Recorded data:
╔══

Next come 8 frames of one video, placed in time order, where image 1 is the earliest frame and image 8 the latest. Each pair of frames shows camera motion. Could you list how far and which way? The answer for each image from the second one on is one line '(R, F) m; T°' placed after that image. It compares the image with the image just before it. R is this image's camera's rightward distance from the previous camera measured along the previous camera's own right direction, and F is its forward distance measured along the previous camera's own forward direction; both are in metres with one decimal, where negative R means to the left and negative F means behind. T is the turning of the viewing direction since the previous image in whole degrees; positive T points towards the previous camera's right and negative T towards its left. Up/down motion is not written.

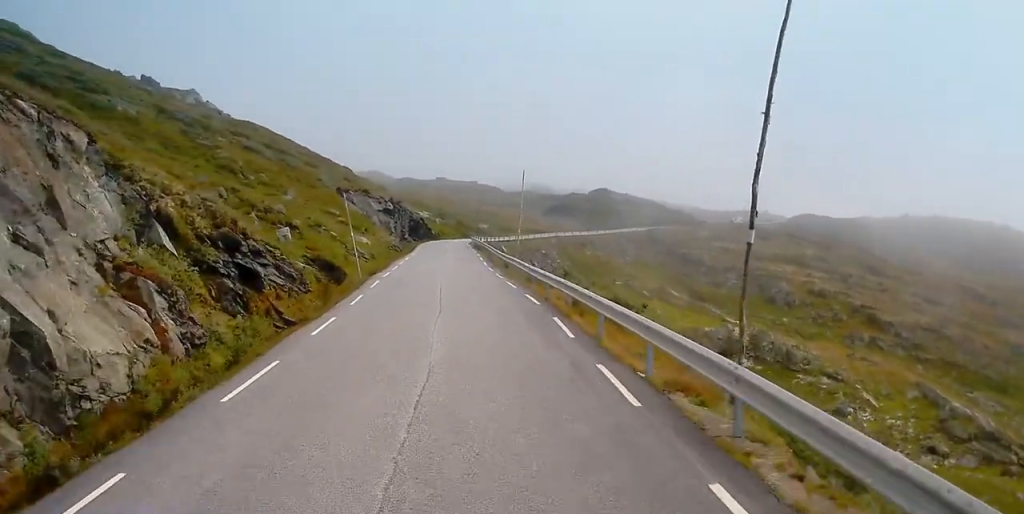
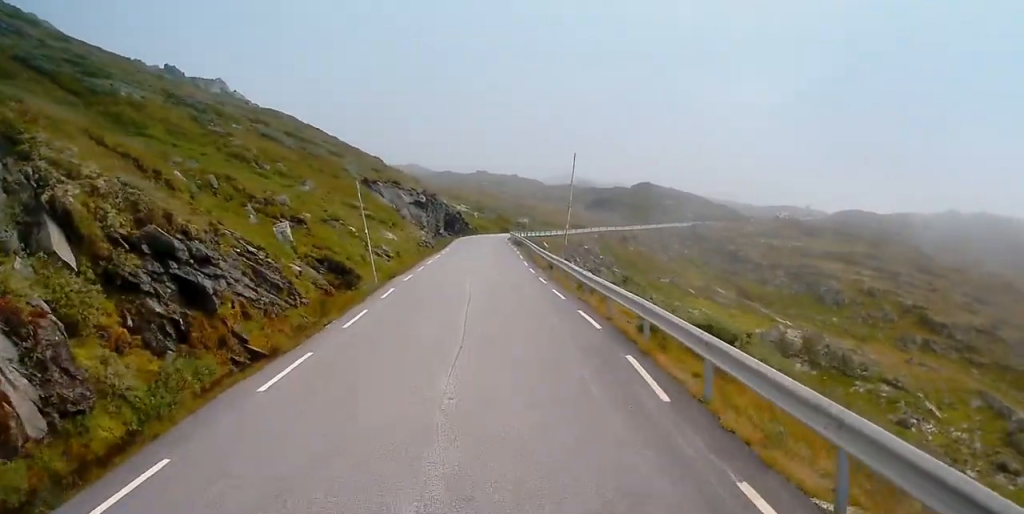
(0.0, +6.4) m; 0°
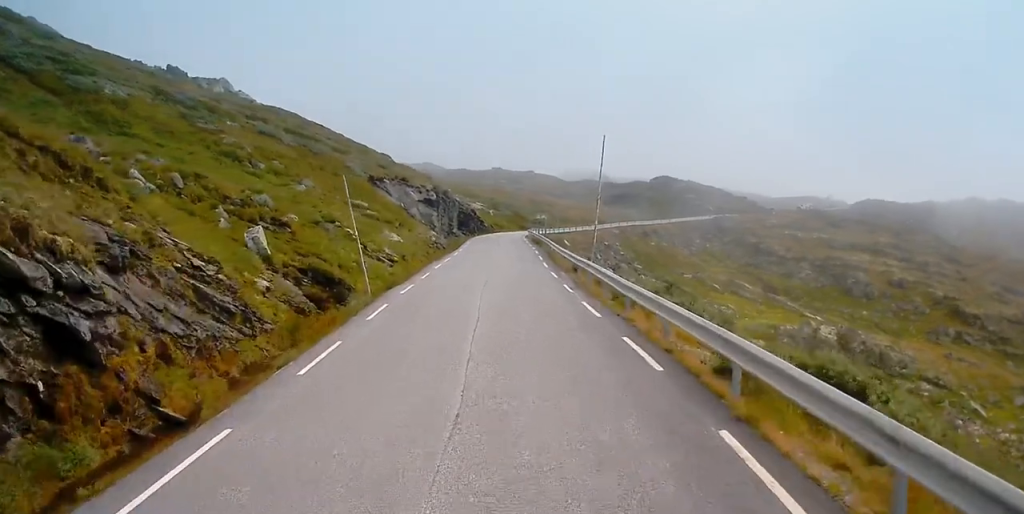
(0.0, +5.2) m; 0°
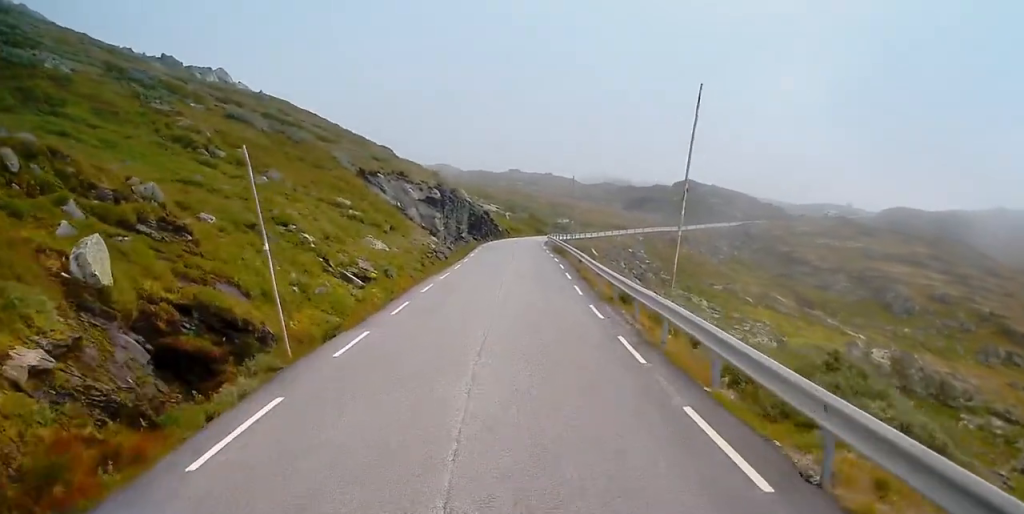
(0.0, +11.1) m; 0°
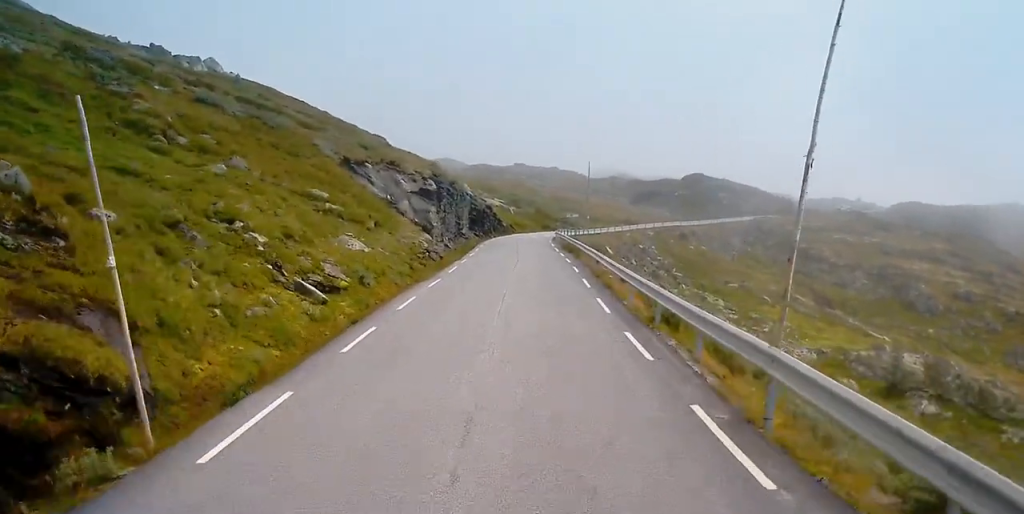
(0.0, +6.1) m; 0°
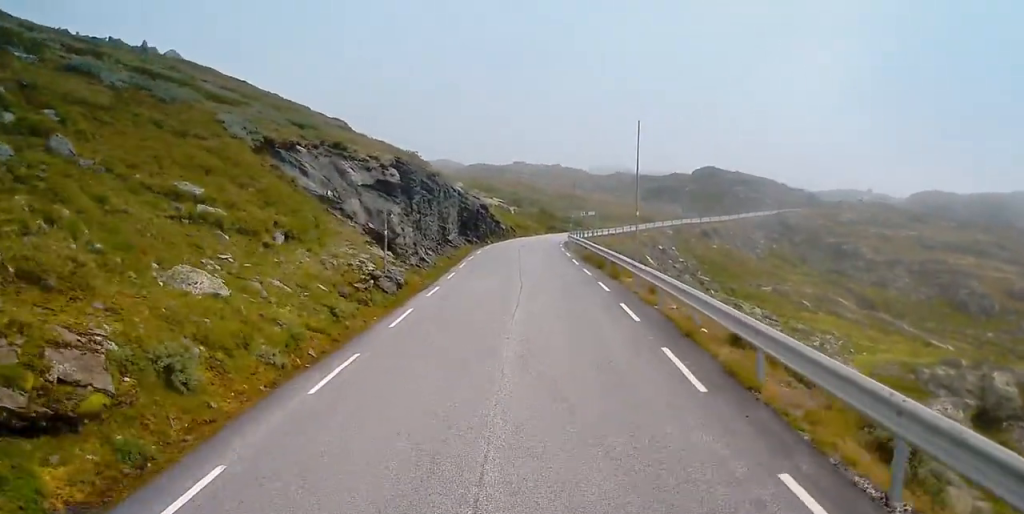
(0.0, +14.5) m; 0°
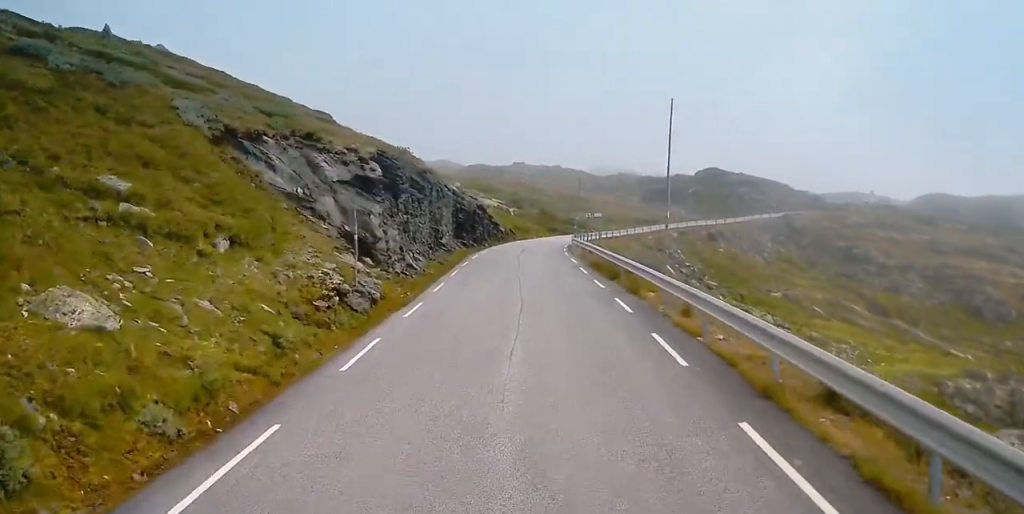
(0.0, +4.4) m; 0°
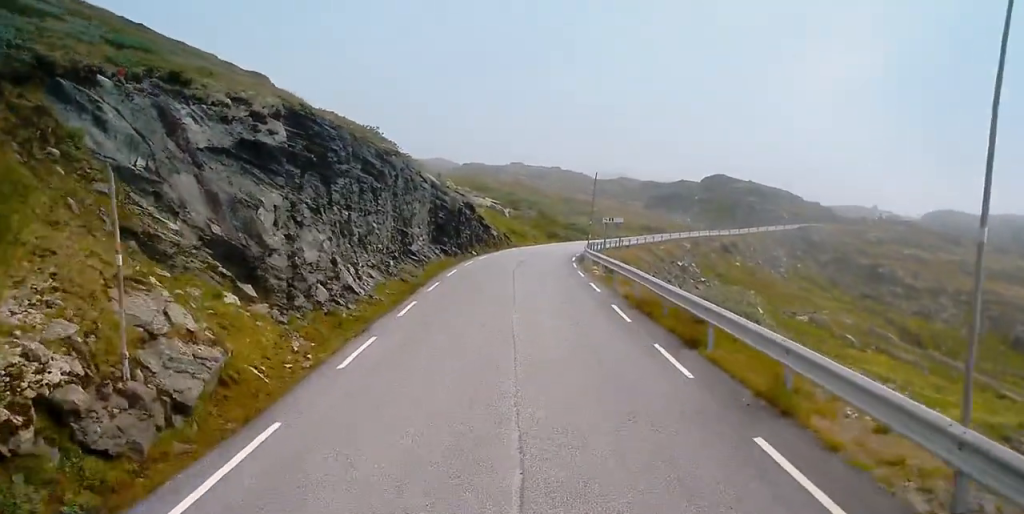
(0.0, +12.0) m; 0°

╚══

* **Problem requirements**
Please reproduce the entries from above exactly; images are not part of the copy.

* **Output of the task**
Next come 8 frames of one video, placed in time order, where image 1 is the earliest frame and image 8 the latest. Each pair of frames shows camera motion. Could you list how far and which way? The answer for each image from the second one on is one line '(R, F) m; T°' placed after that image. It compares the image with the image just before it. R is this image's camera's rightward distance from the previous camera measured along the previous camera's own right direction, and F is its forward distance measured along the previous camera's own forward direction; both are in metres with one decimal, where negative R means to the left and negative F means behind. T is the turning of the viewing direction since the previous image in whole degrees; positive T points towards the previous camera's right and negative T towards its left. Up/down motion is not written.

(0.0, +6.4) m; 0°
(0.0, +5.2) m; 0°
(0.0, +11.1) m; 0°
(0.0, +6.1) m; 0°
(0.0, +14.5) m; 0°
(0.0, +4.4) m; 0°
(0.0, +12.0) m; 0°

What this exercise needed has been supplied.